» **YOUR ASSIGNMENT**
Every line below from the one with "The image shows 80" through the one with "Q: How is the" is to be repeated exactly, with no picture among them.

==== PROVIDED DATA

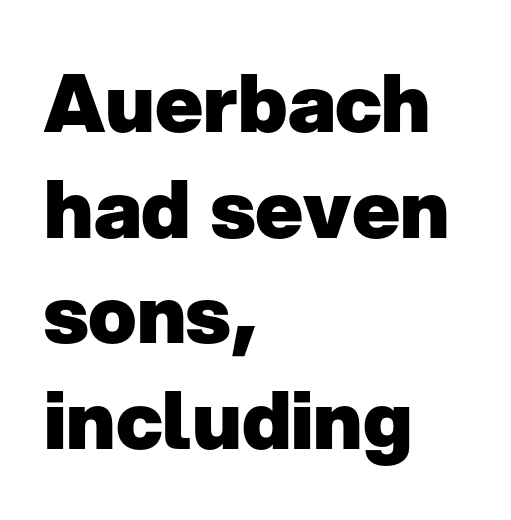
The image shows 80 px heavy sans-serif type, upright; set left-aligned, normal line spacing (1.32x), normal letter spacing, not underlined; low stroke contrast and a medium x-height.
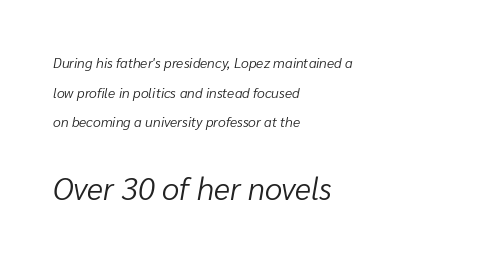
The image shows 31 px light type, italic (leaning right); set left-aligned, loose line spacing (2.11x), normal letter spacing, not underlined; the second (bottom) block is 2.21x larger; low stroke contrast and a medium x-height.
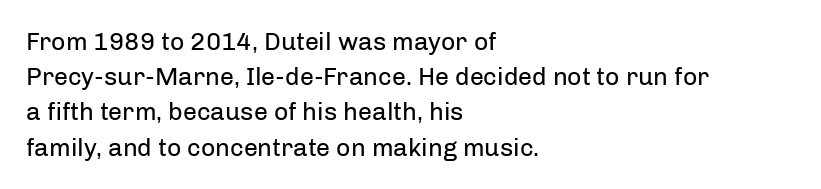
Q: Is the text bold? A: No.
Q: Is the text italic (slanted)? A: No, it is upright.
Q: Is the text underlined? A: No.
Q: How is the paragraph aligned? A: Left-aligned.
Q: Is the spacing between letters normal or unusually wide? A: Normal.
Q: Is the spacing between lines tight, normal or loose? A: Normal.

========
==== PROVIDED DATA

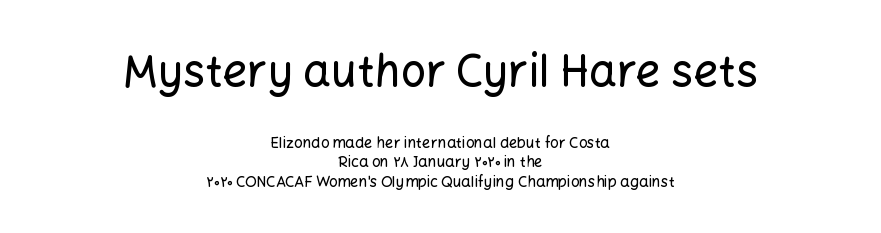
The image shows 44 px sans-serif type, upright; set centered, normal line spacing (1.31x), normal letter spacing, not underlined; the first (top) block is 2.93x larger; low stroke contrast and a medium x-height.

========

» **TASK RESULT**
The image shows 80 px heavy sans-serif type, upright; set left-aligned, normal line spacing (1.32x), normal letter spacing, not underlined; low stroke contrast and a medium x-height.
The image shows 31 px light type, italic (leaning right); set left-aligned, loose line spacing (2.11x), normal letter spacing, not underlined; the second (bottom) block is 2.21x larger; low stroke contrast and a medium x-height.
Q: Is the text bold? A: No.
Q: Is the text italic (slanted)? A: No, it is upright.
Q: Is the text underlined? A: No.
Q: How is the paragraph aligned? A: Left-aligned.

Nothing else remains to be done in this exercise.